Estimated useful lives of the intangible assets are as follows:
Computer Software : 1 to 10 years
An intangible asset is derecognised upon disposal or when no future economic benefits are expected to arise from the continued use of the asset. Any gain or loss arising on the disposal or retirement of intangible assets is recognised in the Statement of Profit and Loss.
3.08 Borrowing Cost
Borrowing costs directly attributable to the acquisition, construction or production of qualifying assets, which are assets that necessarily take a substantial period of time to get ready for their intended use or sale, are added to the cost of those assets, until such time as the assets are substantially ready for their intended use.
Interest income earned on the temporary investment of specific borrowings pending their expenditure on qualifying assets is deducted from the borrowing cost eligible for capitalisation.
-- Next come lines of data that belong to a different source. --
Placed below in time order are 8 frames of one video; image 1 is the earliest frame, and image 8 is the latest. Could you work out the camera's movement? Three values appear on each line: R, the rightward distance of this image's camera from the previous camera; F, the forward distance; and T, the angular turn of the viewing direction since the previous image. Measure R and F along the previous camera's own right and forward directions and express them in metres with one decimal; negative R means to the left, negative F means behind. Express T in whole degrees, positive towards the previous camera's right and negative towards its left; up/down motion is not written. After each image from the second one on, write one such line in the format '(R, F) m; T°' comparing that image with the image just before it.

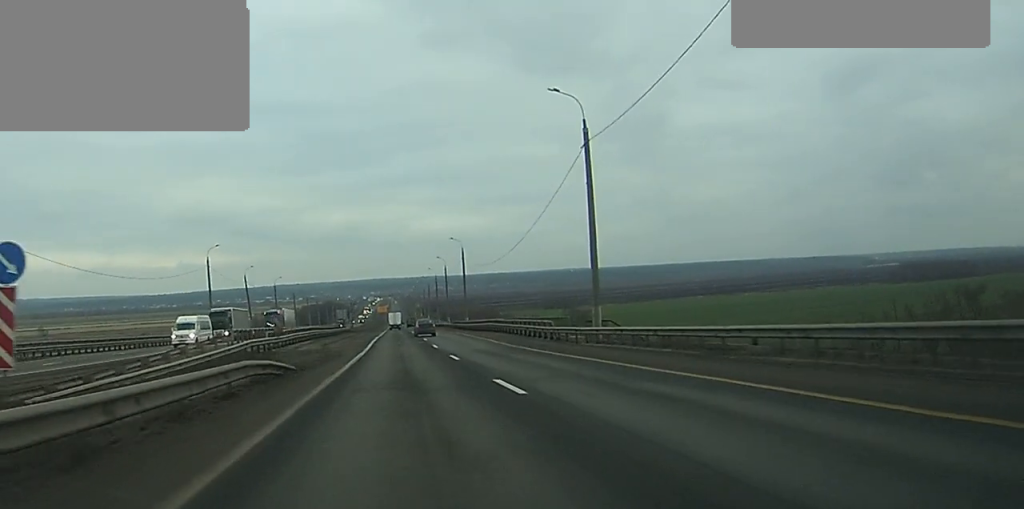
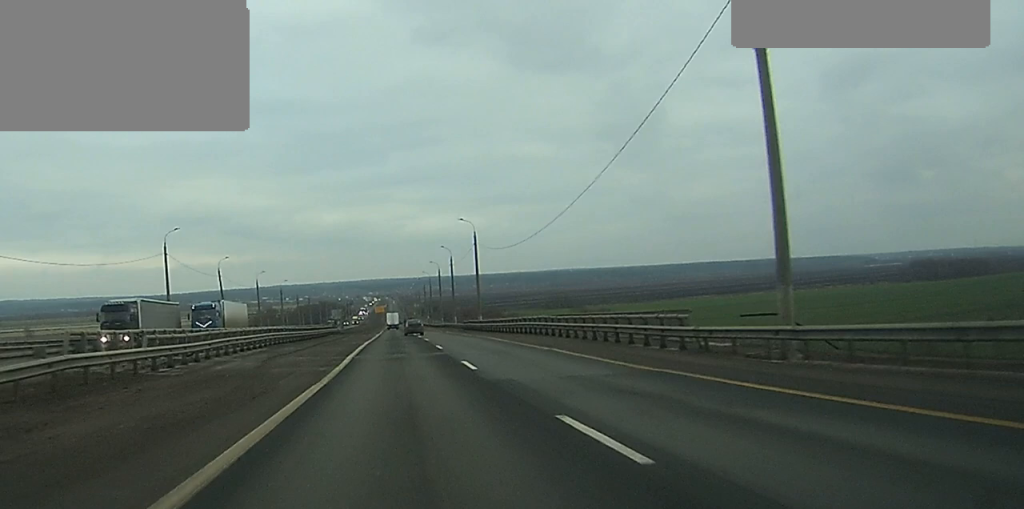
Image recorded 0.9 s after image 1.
(-0.1, +23.8) m; 0°
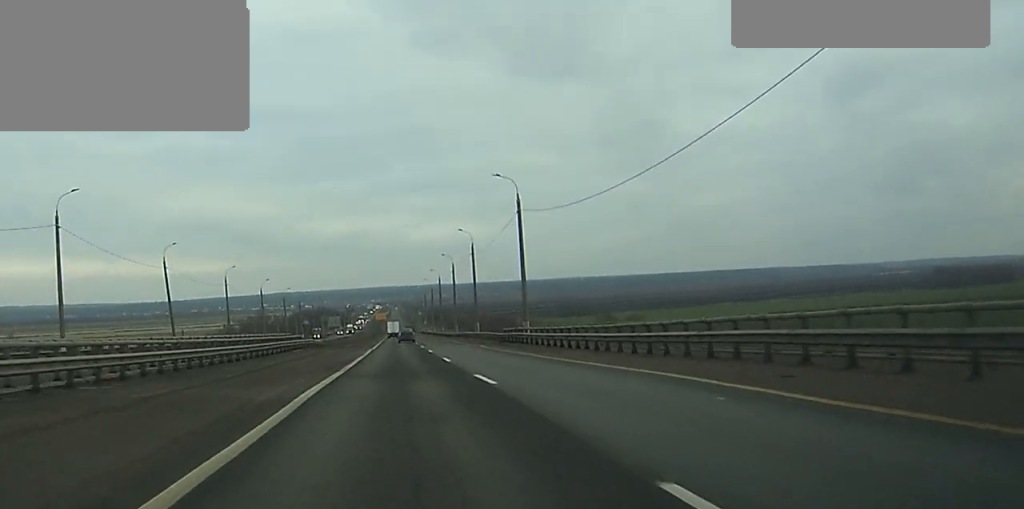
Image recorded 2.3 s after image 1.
(-0.1, +36.5) m; 0°
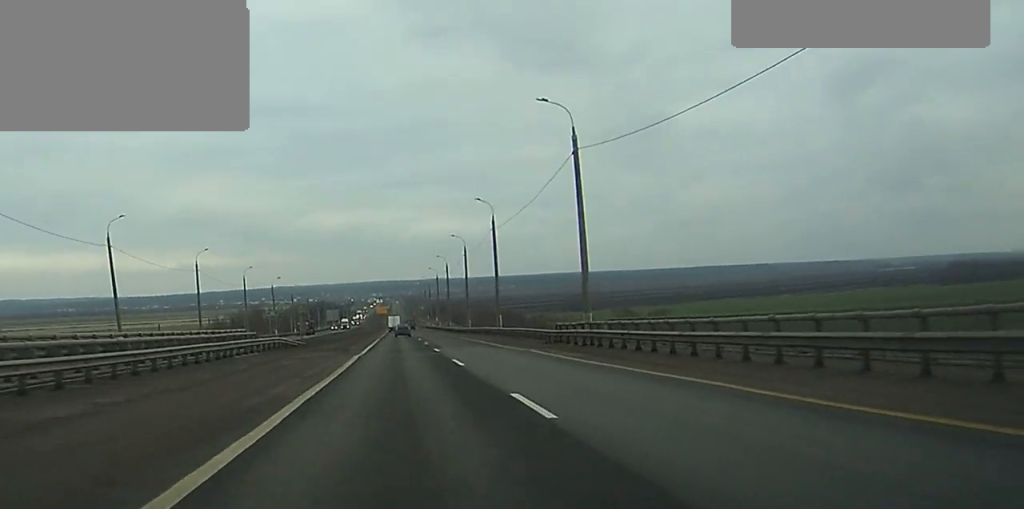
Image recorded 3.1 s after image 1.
(0.0, +22.5) m; 0°
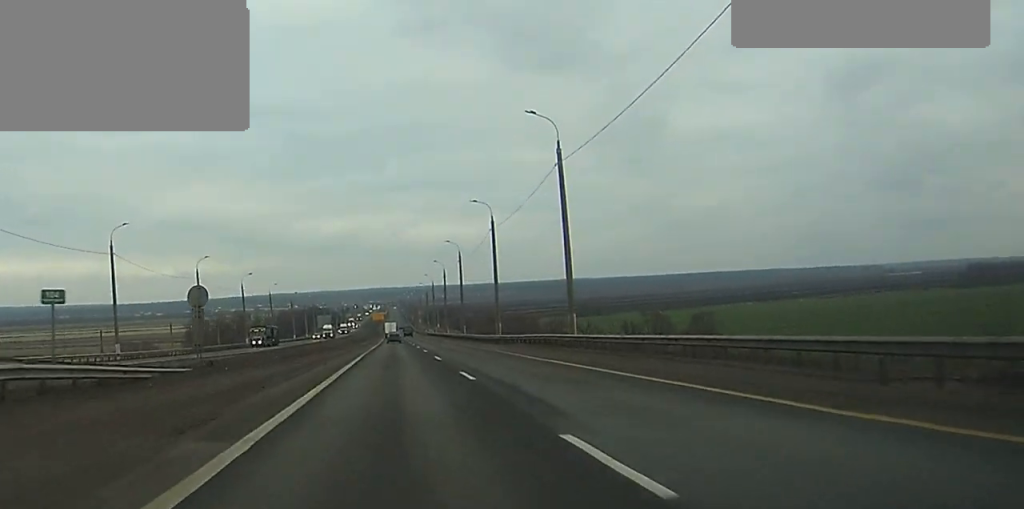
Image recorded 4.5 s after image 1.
(+0.2, +37.4) m; 0°
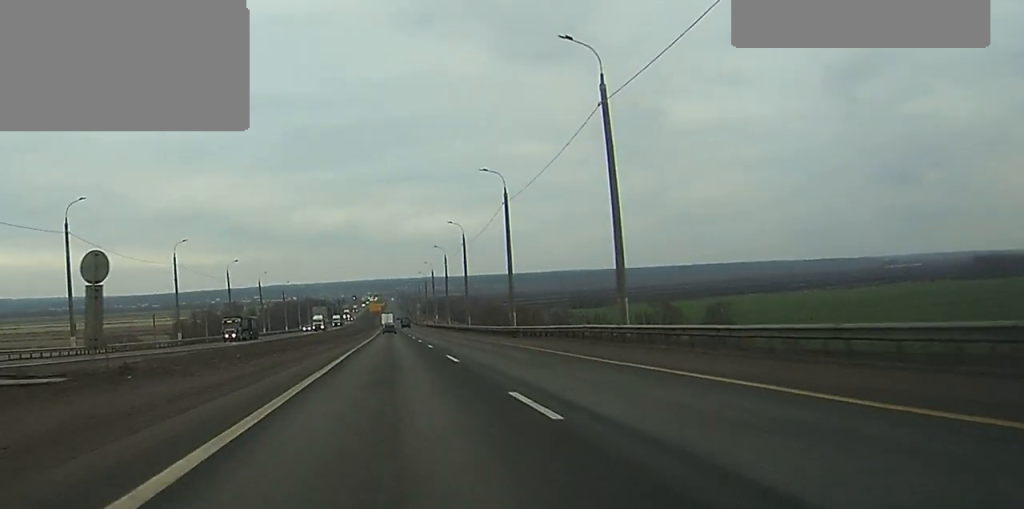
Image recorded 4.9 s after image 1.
(0.0, +11.9) m; 0°
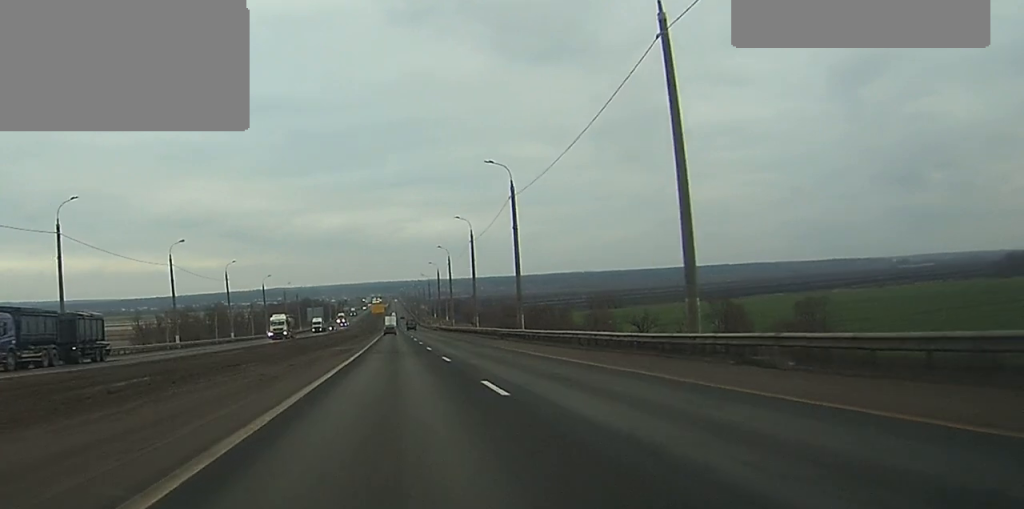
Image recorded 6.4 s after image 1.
(-0.2, +42.8) m; 0°
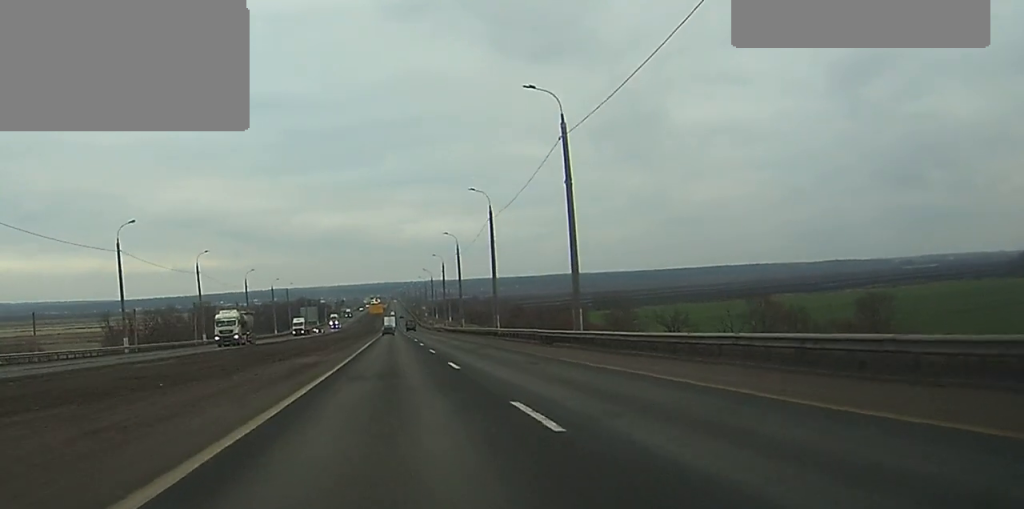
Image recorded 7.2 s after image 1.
(0.0, +21.6) m; 0°

All other borrowing costs are recognised in profit or loss in the period in which they are incurred.
3.09 Earnings per share
Basic earnings per share is computed by dividing the profit attributable to the ordinary equity holders (i.e., Profit after tax before other comprehensive income) by the weighted average number of shares outstanding during the financial year.
Diluted earnings per share is computed using the weighted average number of share outstanding during the financial year and dilutive potential shares, except where the result would be anti-dilutive.
3.10 Rounding off
All amounts disclosed in the financial statements and notes have been rounded off to the nearest lakhs (upto two decimals) as per the requirements of Schedule III, unless otherwise stated.